ASSIGNED TASK – Make a verbatim copy of the entries below; pictures stay out.

AVAILABLE DATA –
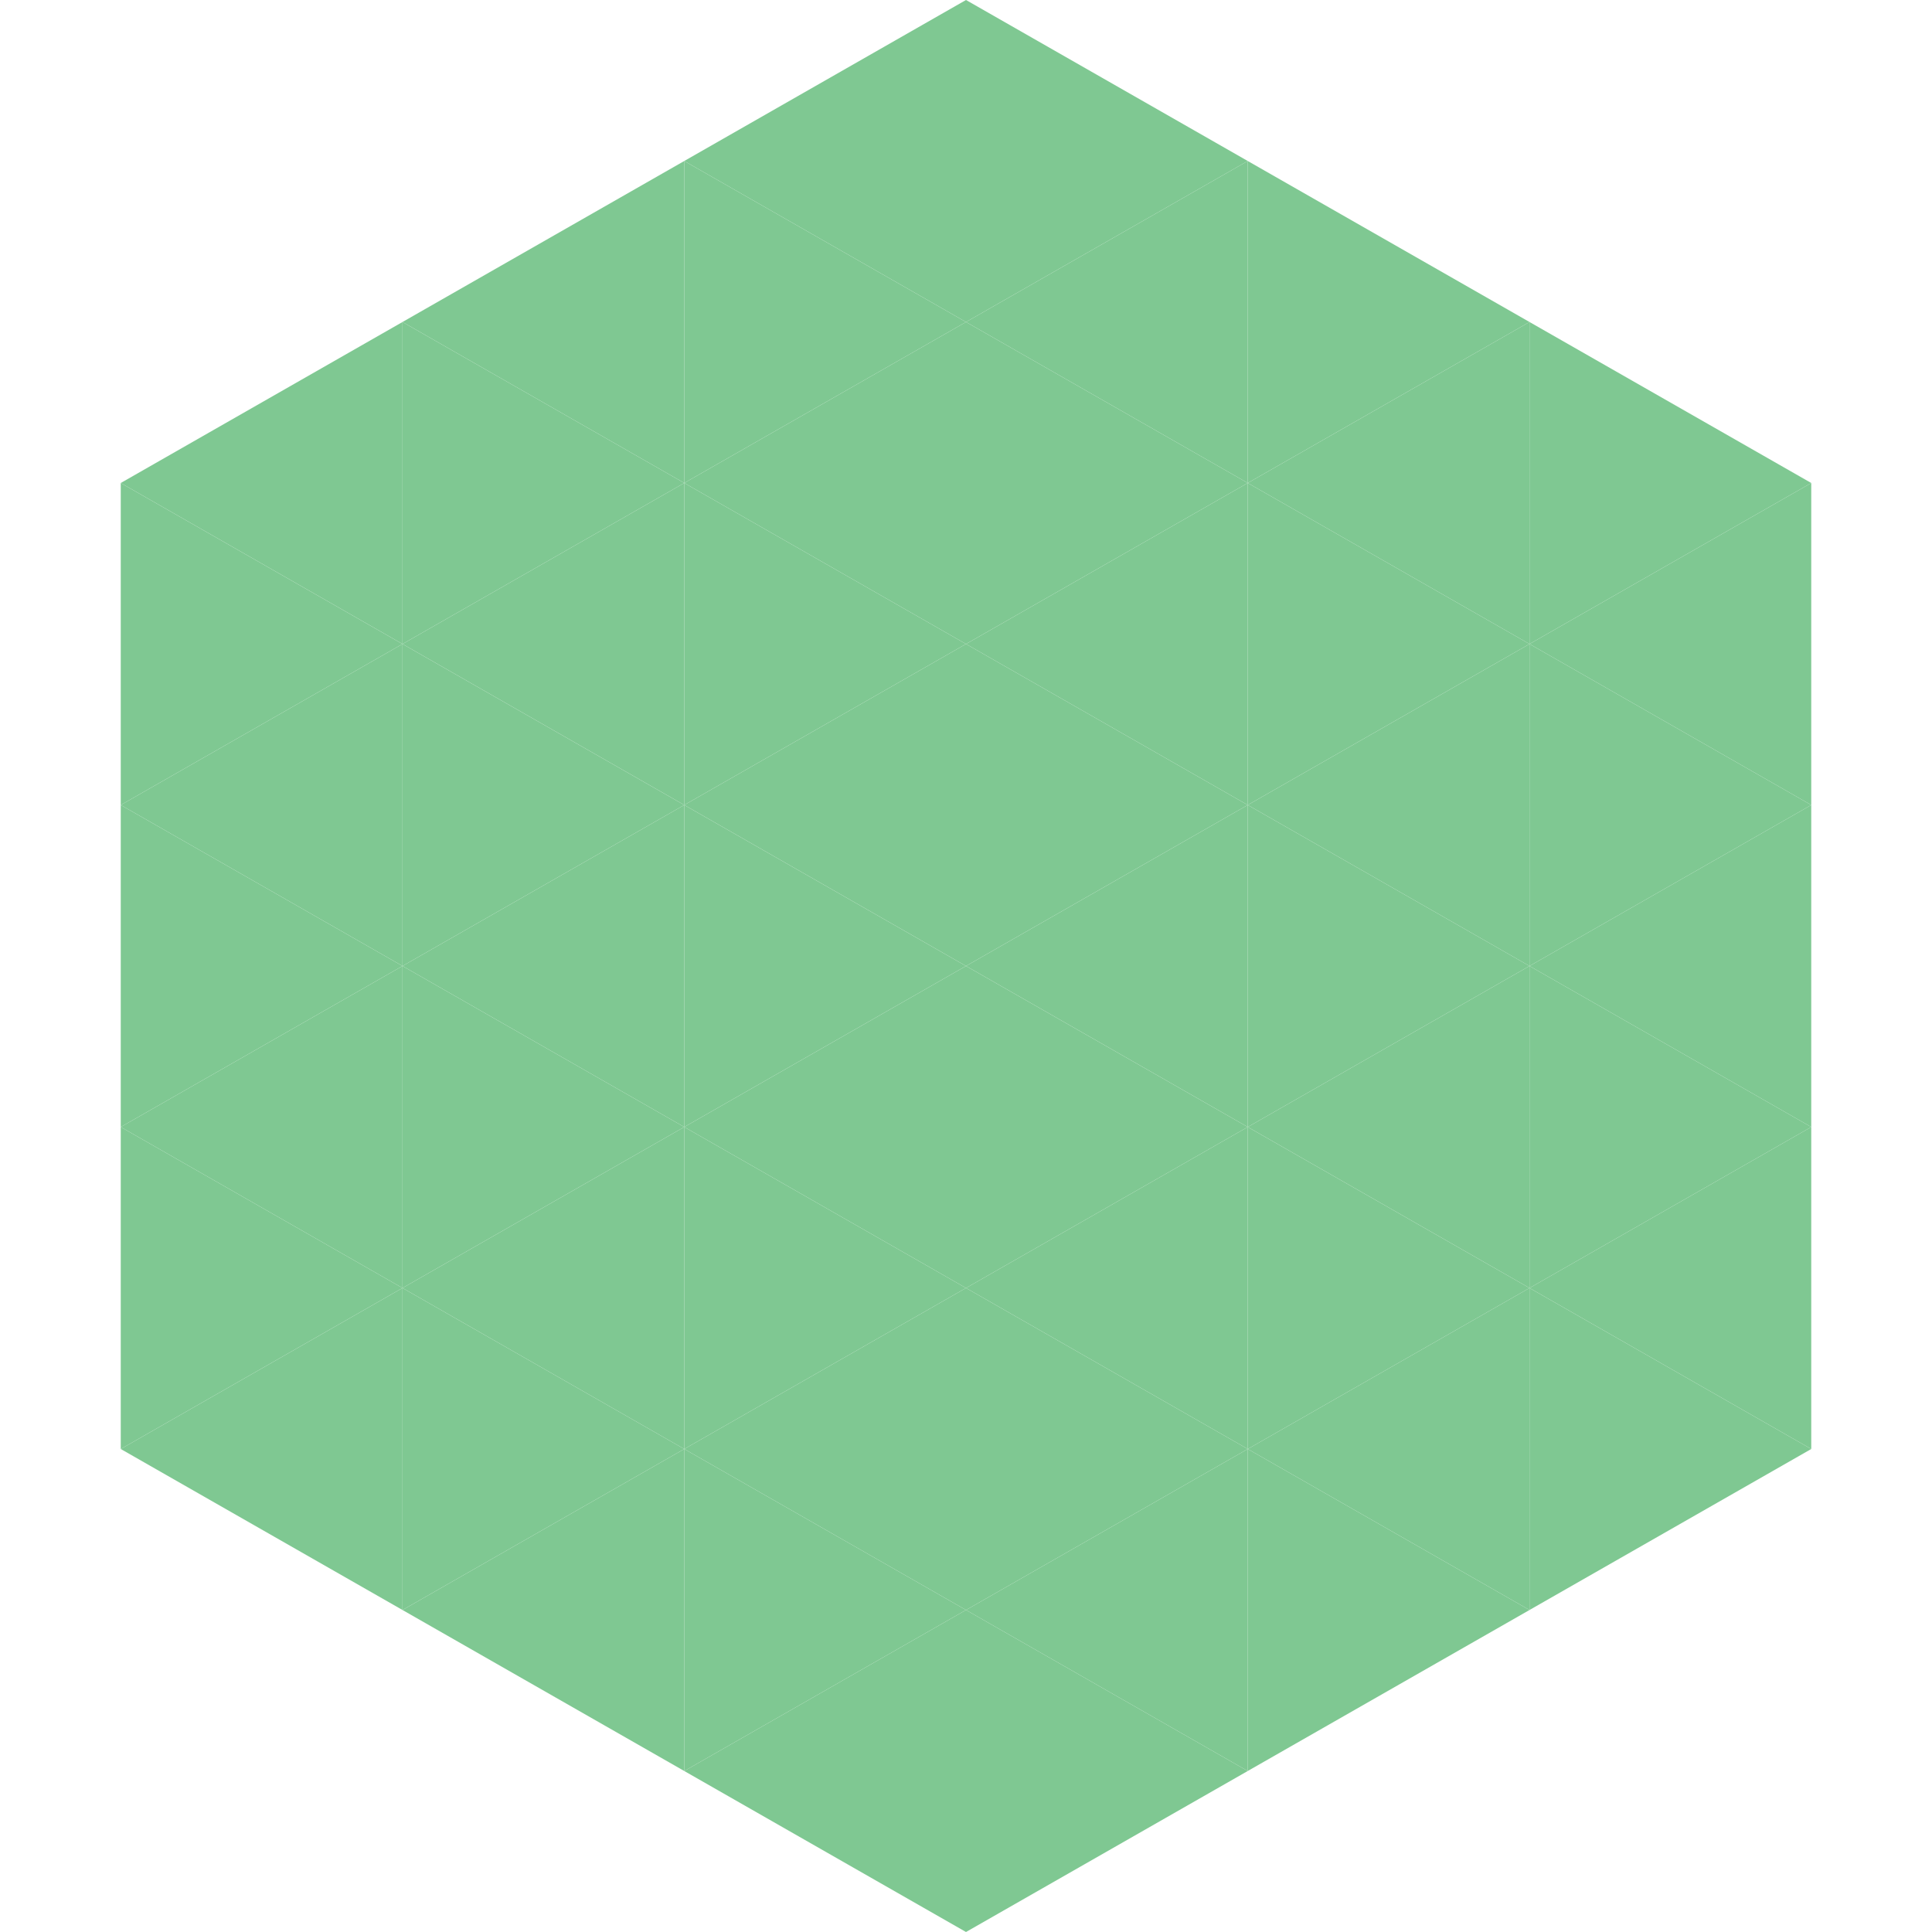 <?xml version="1.0"?>
<!-- Generated by SVGo -->
<svg width="240" height="240"
     xmlns="http://www.w3.org/2000/svg"
     xmlns:xlink="http://www.w3.org/1999/xlink">
<polygon points="50,40 15,60 50,80" style="fill:rgb(127,200,146)" />
<polygon points="190,40 225,60 190,80" style="fill:rgb(127,200,146)" />
<polygon points="15,60 50,80 15,100" style="fill:rgb(127,200,146)" />
<polygon points="225,60 190,80 225,100" style="fill:rgb(127,200,146)" />
<polygon points="50,80 15,100 50,120" style="fill:rgb(127,200,146)" />
<polygon points="190,80 225,100 190,120" style="fill:rgb(127,200,146)" />
<polygon points="15,100 50,120 15,140" style="fill:rgb(127,200,146)" />
<polygon points="225,100 190,120 225,140" style="fill:rgb(127,200,146)" />
<polygon points="50,120 15,140 50,160" style="fill:rgb(127,200,146)" />
<polygon points="190,120 225,140 190,160" style="fill:rgb(127,200,146)" />
<polygon points="15,140 50,160 15,180" style="fill:rgb(127,200,146)" />
<polygon points="225,140 190,160 225,180" style="fill:rgb(127,200,146)" />
<polygon points="50,160 15,180 50,200" style="fill:rgb(127,200,146)" />
<polygon points="190,160 225,180 190,200" style="fill:rgb(127,200,146)" />
<polygon points="15,180 50,200 15,220" style="fill:rgb(255,255,255); fill-opacity:0" />
<polygon points="225,180 190,200 225,220" style="fill:rgb(255,255,255); fill-opacity:0" />
<polygon points="50,0 85,20 50,40" style="fill:rgb(255,255,255); fill-opacity:0" />
<polygon points="190,0 155,20 190,40" style="fill:rgb(255,255,255); fill-opacity:0" />
<polygon points="85,20 50,40 85,60" style="fill:rgb(127,200,146)" />
<polygon points="155,20 190,40 155,60" style="fill:rgb(127,200,146)" />
<polygon points="50,40 85,60 50,80" style="fill:rgb(127,200,146)" />
<polygon points="190,40 155,60 190,80" style="fill:rgb(127,200,146)" />
<polygon points="85,60 50,80 85,100" style="fill:rgb(127,200,146)" />
<polygon points="155,60 190,80 155,100" style="fill:rgb(127,200,146)" />
<polygon points="50,80 85,100 50,120" style="fill:rgb(127,200,146)" />
<polygon points="190,80 155,100 190,120" style="fill:rgb(127,200,146)" />
<polygon points="85,100 50,120 85,140" style="fill:rgb(127,200,146)" />
<polygon points="155,100 190,120 155,140" style="fill:rgb(127,200,146)" />
<polygon points="50,120 85,140 50,160" style="fill:rgb(127,200,146)" />
<polygon points="190,120 155,140 190,160" style="fill:rgb(127,200,146)" />
<polygon points="85,140 50,160 85,180" style="fill:rgb(127,200,146)" />
<polygon points="155,140 190,160 155,180" style="fill:rgb(127,200,146)" />
<polygon points="50,160 85,180 50,200" style="fill:rgb(127,200,146)" />
<polygon points="190,160 155,180 190,200" style="fill:rgb(127,200,146)" />
<polygon points="85,180 50,200 85,220" style="fill:rgb(127,200,146)" />
<polygon points="155,180 190,200 155,220" style="fill:rgb(127,200,146)" />
<polygon points="120,0 85,20 120,40" style="fill:rgb(127,200,146)" />
<polygon points="120,0 155,20 120,40" style="fill:rgb(127,200,146)" />
<polygon points="85,20 120,40 85,60" style="fill:rgb(127,200,146)" />
<polygon points="155,20 120,40 155,60" style="fill:rgb(127,200,146)" />
<polygon points="120,40 85,60 120,80" style="fill:rgb(127,200,146)" />
<polygon points="120,40 155,60 120,80" style="fill:rgb(127,200,146)" />
<polygon points="85,60 120,80 85,100" style="fill:rgb(127,200,146)" />
<polygon points="155,60 120,80 155,100" style="fill:rgb(127,200,146)" />
<polygon points="120,80 85,100 120,120" style="fill:rgb(127,200,146)" />
<polygon points="120,80 155,100 120,120" style="fill:rgb(127,200,146)" />
<polygon points="85,100 120,120 85,140" style="fill:rgb(127,200,146)" />
<polygon points="155,100 120,120 155,140" style="fill:rgb(127,200,146)" />
<polygon points="120,120 85,140 120,160" style="fill:rgb(127,200,146)" />
<polygon points="120,120 155,140 120,160" style="fill:rgb(127,200,146)" />
<polygon points="85,140 120,160 85,180" style="fill:rgb(127,200,146)" />
<polygon points="155,140 120,160 155,180" style="fill:rgb(127,200,146)" />
<polygon points="120,160 85,180 120,200" style="fill:rgb(127,200,146)" />
<polygon points="120,160 155,180 120,200" style="fill:rgb(127,200,146)" />
<polygon points="85,180 120,200 85,220" style="fill:rgb(127,200,146)" />
<polygon points="155,180 120,200 155,220" style="fill:rgb(127,200,146)" />
<polygon points="120,200 85,220 120,240" style="fill:rgb(127,200,146)" />
<polygon points="120,200 155,220 120,240" style="fill:rgb(127,200,146)" />
<polygon points="85,220 120,240 85,260" style="fill:rgb(255,255,255); fill-opacity:0" />
<polygon points="155,220 120,240 155,260" style="fill:rgb(255,255,255); fill-opacity:0" />
</svg>

RESPONSE BELOW –
 <?xml version="1.0"?>
<!-- Generated by SVGo -->
<svg width="240" height="240"
     xmlns="http://www.w3.org/2000/svg"
     xmlns:xlink="http://www.w3.org/1999/xlink">
<polygon points="50,40 15,60 50,80" style="fill:rgb(127,200,146)" />
<polygon points="190,40 225,60 190,80" style="fill:rgb(127,200,146)" />
<polygon points="15,60 50,80 15,100" style="fill:rgb(127,200,146)" />
<polygon points="225,60 190,80 225,100" style="fill:rgb(127,200,146)" />
<polygon points="50,80 15,100 50,120" style="fill:rgb(127,200,146)" />
<polygon points="190,80 225,100 190,120" style="fill:rgb(127,200,146)" />
<polygon points="15,100 50,120 15,140" style="fill:rgb(127,200,146)" />
<polygon points="225,100 190,120 225,140" style="fill:rgb(127,200,146)" />
<polygon points="50,120 15,140 50,160" style="fill:rgb(127,200,146)" />
<polygon points="190,120 225,140 190,160" style="fill:rgb(127,200,146)" />
<polygon points="15,140 50,160 15,180" style="fill:rgb(127,200,146)" />
<polygon points="225,140 190,160 225,180" style="fill:rgb(127,200,146)" />
<polygon points="50,160 15,180 50,200" style="fill:rgb(127,200,146)" />
<polygon points="190,160 225,180 190,200" style="fill:rgb(127,200,146)" />
<polygon points="15,180 50,200 15,220" style="fill:rgb(255,255,255); fill-opacity:0" />
<polygon points="225,180 190,200 225,220" style="fill:rgb(255,255,255); fill-opacity:0" />
<polygon points="50,0 85,20 50,40" style="fill:rgb(255,255,255); fill-opacity:0" />
<polygon points="190,0 155,20 190,40" style="fill:rgb(255,255,255); fill-opacity:0" />
<polygon points="85,20 50,40 85,60" style="fill:rgb(127,200,146)" />
<polygon points="155,20 190,40 155,60" style="fill:rgb(127,200,146)" />
<polygon points="50,40 85,60 50,80" style="fill:rgb(127,200,146)" />
<polygon points="190,40 155,60 190,80" style="fill:rgb(127,200,146)" />
<polygon points="85,60 50,80 85,100" style="fill:rgb(127,200,146)" />
<polygon points="155,60 190,80 155,100" style="fill:rgb(127,200,146)" />
<polygon points="50,80 85,100 50,120" style="fill:rgb(127,200,146)" />
<polygon points="190,80 155,100 190,120" style="fill:rgb(127,200,146)" />
<polygon points="85,100 50,120 85,140" style="fill:rgb(127,200,146)" />
<polygon points="155,100 190,120 155,140" style="fill:rgb(127,200,146)" />
<polygon points="50,120 85,140 50,160" style="fill:rgb(127,200,146)" />
<polygon points="190,120 155,140 190,160" style="fill:rgb(127,200,146)" />
<polygon points="85,140 50,160 85,180" style="fill:rgb(127,200,146)" />
<polygon points="155,140 190,160 155,180" style="fill:rgb(127,200,146)" />
<polygon points="50,160 85,180 50,200" style="fill:rgb(127,200,146)" />
<polygon points="190,160 155,180 190,200" style="fill:rgb(127,200,146)" />
<polygon points="85,180 50,200 85,220" style="fill:rgb(127,200,146)" />
<polygon points="155,180 190,200 155,220" style="fill:rgb(127,200,146)" />
<polygon points="120,0 85,20 120,40" style="fill:rgb(127,200,146)" />
<polygon points="120,0 155,20 120,40" style="fill:rgb(127,200,146)" />
<polygon points="85,20 120,40 85,60" style="fill:rgb(127,200,146)" />
<polygon points="155,20 120,40 155,60" style="fill:rgb(127,200,146)" />
<polygon points="120,40 85,60 120,80" style="fill:rgb(127,200,146)" />
<polygon points="120,40 155,60 120,80" style="fill:rgb(127,200,146)" />
<polygon points="85,60 120,80 85,100" style="fill:rgb(127,200,146)" />
<polygon points="155,60 120,80 155,100" style="fill:rgb(127,200,146)" />
<polygon points="120,80 85,100 120,120" style="fill:rgb(127,200,146)" />
<polygon points="120,80 155,100 120,120" style="fill:rgb(127,200,146)" />
<polygon points="85,100 120,120 85,140" style="fill:rgb(127,200,146)" />
<polygon points="155,100 120,120 155,140" style="fill:rgb(127,200,146)" />
<polygon points="120,120 85,140 120,160" style="fill:rgb(127,200,146)" />
<polygon points="120,120 155,140 120,160" style="fill:rgb(127,200,146)" />
<polygon points="85,140 120,160 85,180" style="fill:rgb(127,200,146)" />
<polygon points="155,140 120,160 155,180" style="fill:rgb(127,200,146)" />
<polygon points="120,160 85,180 120,200" style="fill:rgb(127,200,146)" />
<polygon points="120,160 155,180 120,200" style="fill:rgb(127,200,146)" />
<polygon points="85,180 120,200 85,220" style="fill:rgb(127,200,146)" />
<polygon points="155,180 120,200 155,220" style="fill:rgb(127,200,146)" />
<polygon points="120,200 85,220 120,240" style="fill:rgb(127,200,146)" />
<polygon points="120,200 155,220 120,240" style="fill:rgb(127,200,146)" />
<polygon points="85,220 120,240 85,260" style="fill:rgb(255,255,255); fill-opacity:0" />
<polygon points="155,220 120,240 155,260" style="fill:rgb(255,255,255); fill-opacity:0" />
</svg>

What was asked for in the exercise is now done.